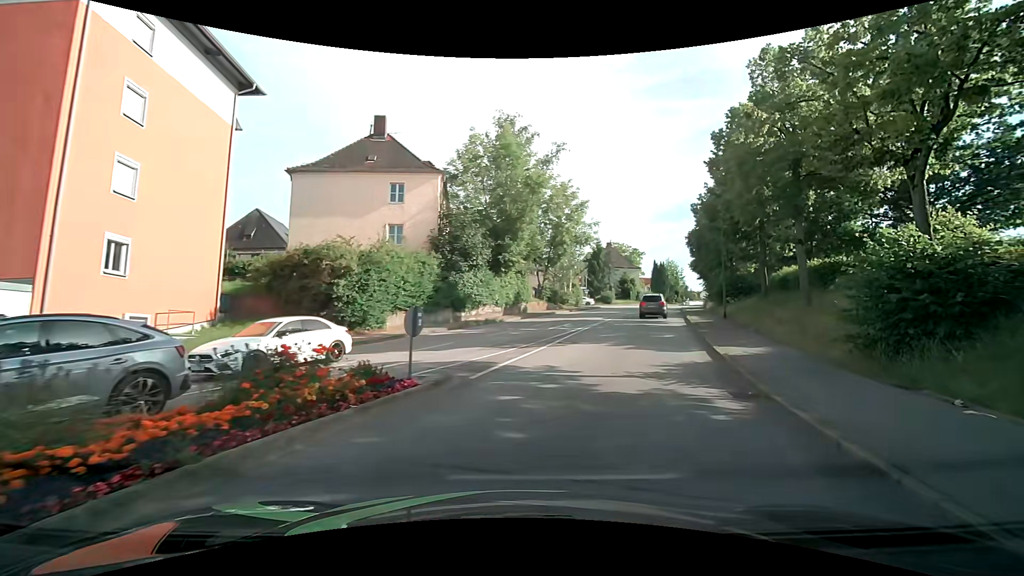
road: residential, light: Day
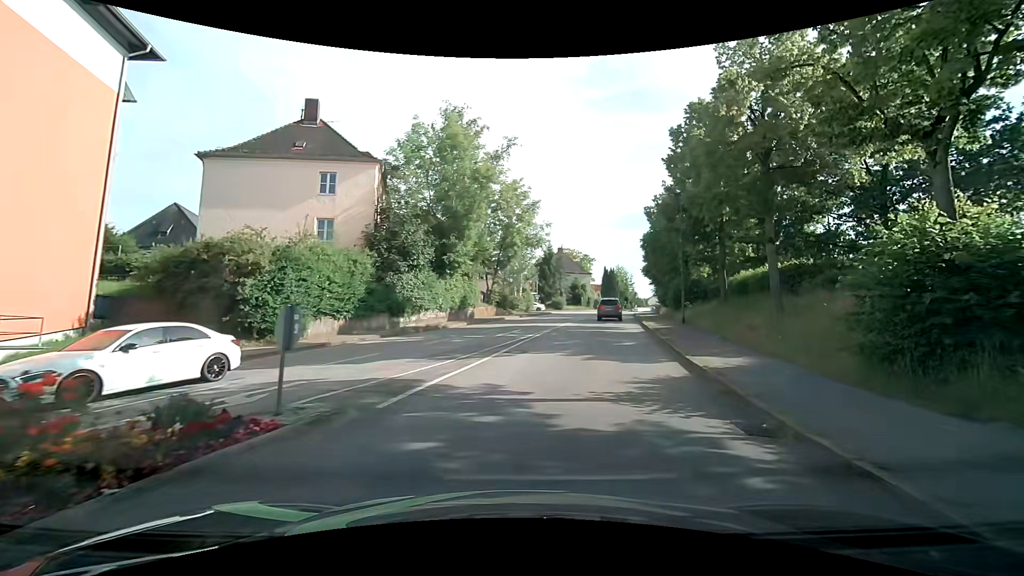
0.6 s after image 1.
(+0.2, +3.0) m; +7°
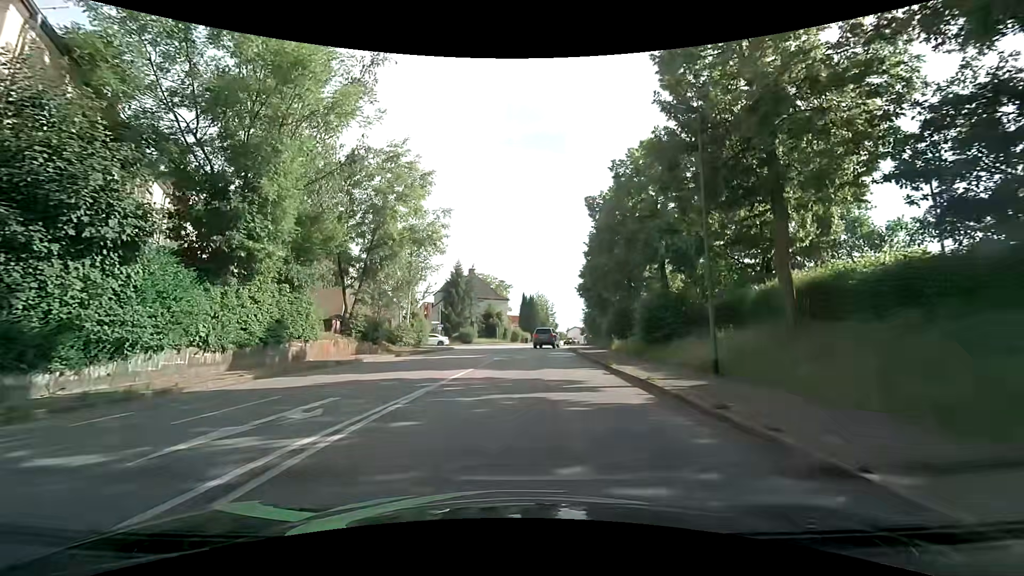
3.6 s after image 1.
(+1.9, +16.8) m; +10°
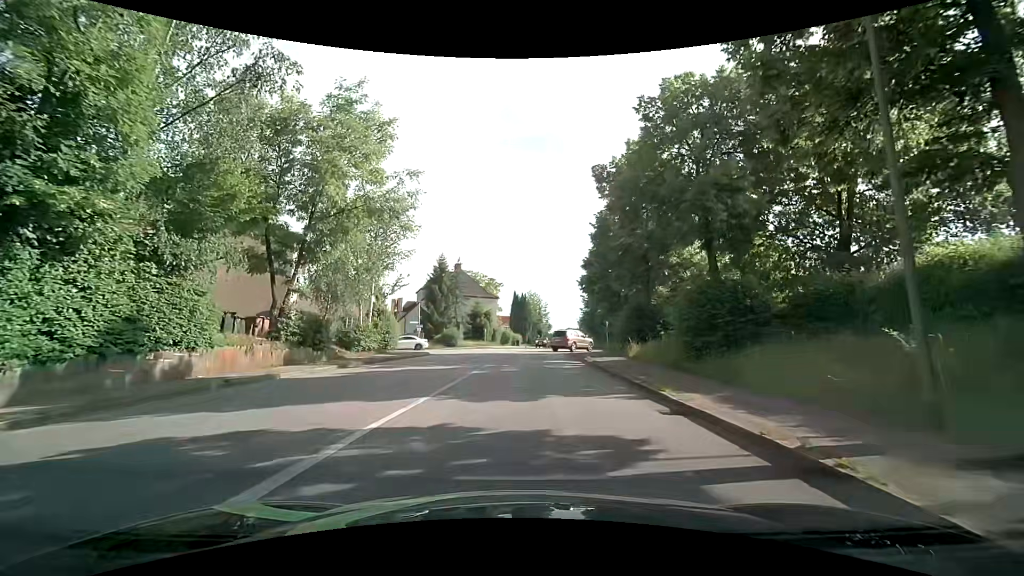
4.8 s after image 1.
(0.0, +7.3) m; 0°
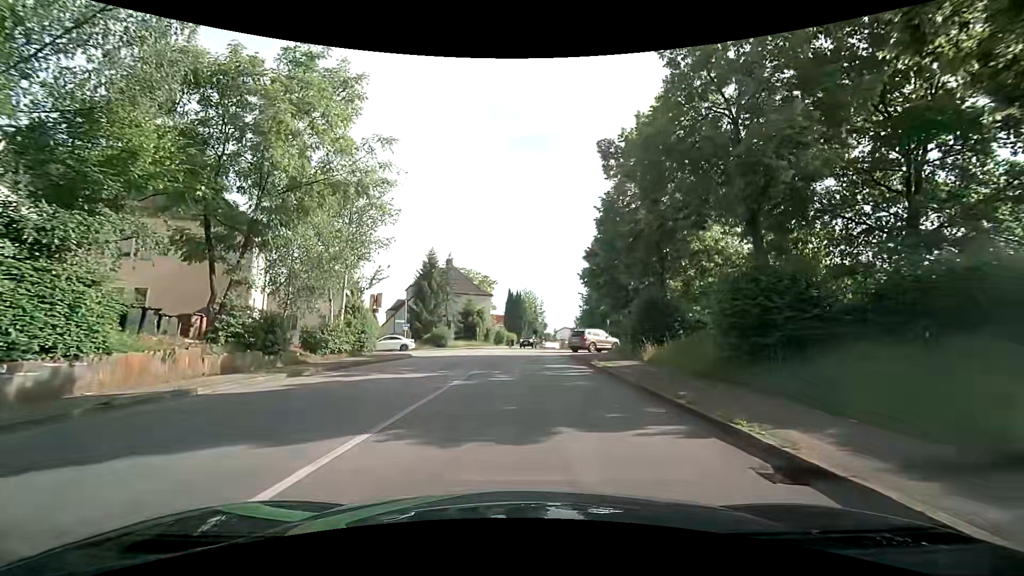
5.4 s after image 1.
(+0.1, +3.8) m; +1°
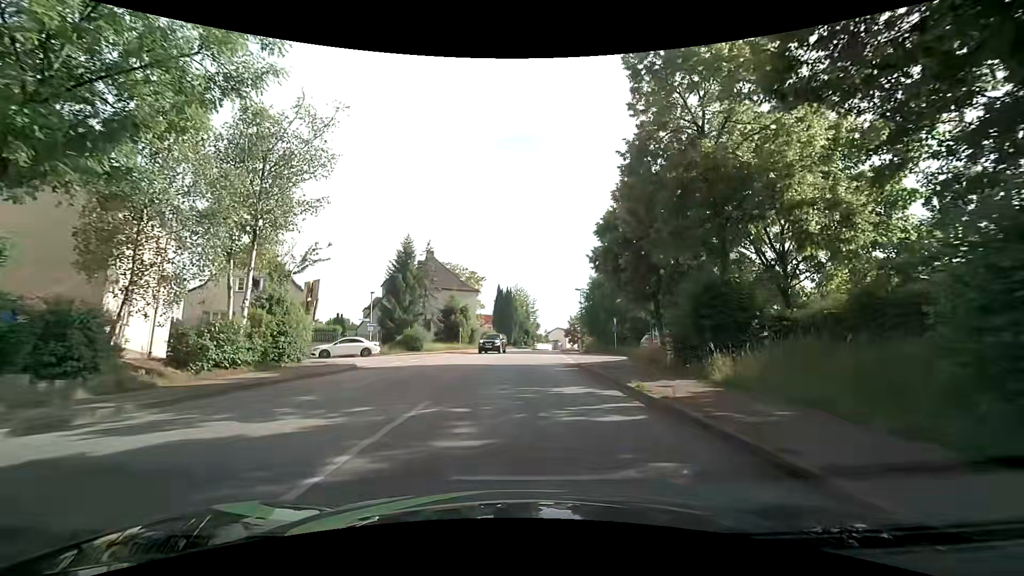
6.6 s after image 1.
(+0.1, +8.3) m; +1°
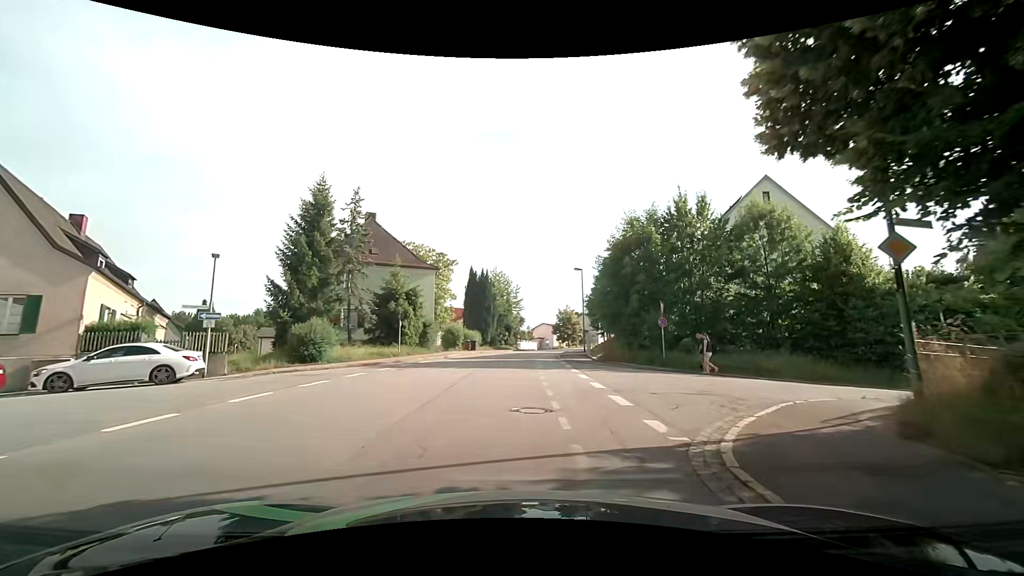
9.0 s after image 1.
(+0.2, +18.4) m; +1°
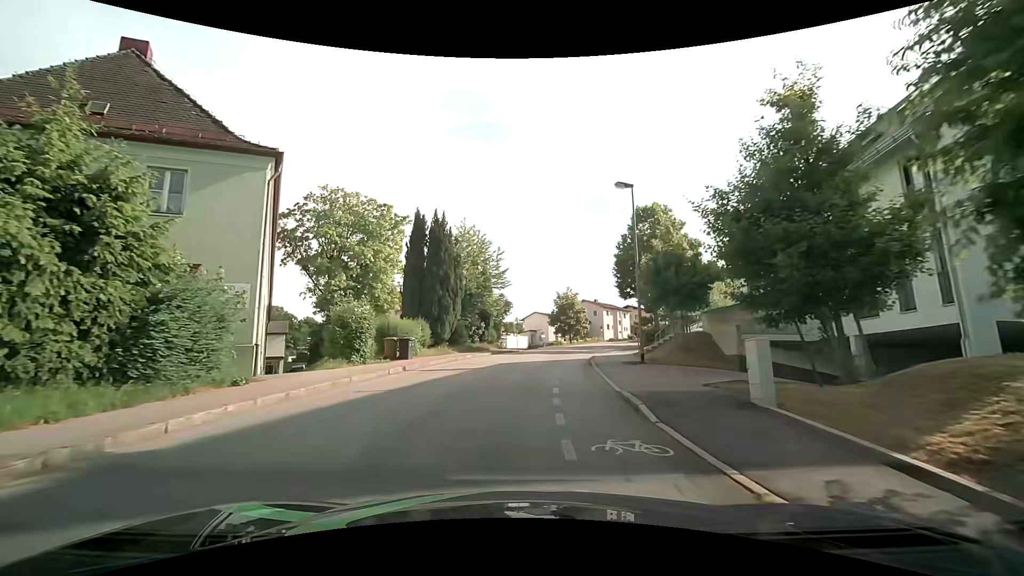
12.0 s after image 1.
(+0.7, +25.9) m; +2°
(0, +10) (+1, +20) (+2, +30) (+4, +40) (+7, +49) (+11, +58) (+15, +67) (+19, +76) (+24, +85) (+28, +94) m

DIRECTIONS FOR THIS TASK —
Type out the data above again exactly as written, minus the images.

RESPONSE TO THE EXERCISE —
road: residential, light: Day
0.6 s after image 1.
(+0.2, +3.0) m; +7°
3.6 s after image 1.
(+1.9, +16.8) m; +10°
4.8 s after image 1.
(0.0, +7.3) m; 0°
5.4 s after image 1.
(+0.1, +3.8) m; +1°
6.6 s after image 1.
(+0.1, +8.3) m; +1°
9.0 s after image 1.
(+0.2, +18.4) m; +1°
12.0 s after image 1.
(+0.7, +25.9) m; +2°
(0, +10) (+1, +20) (+2, +30) (+4, +40) (+7, +49) (+11, +58) (+15, +67) (+19, +76) (+24, +85) (+28, +94) m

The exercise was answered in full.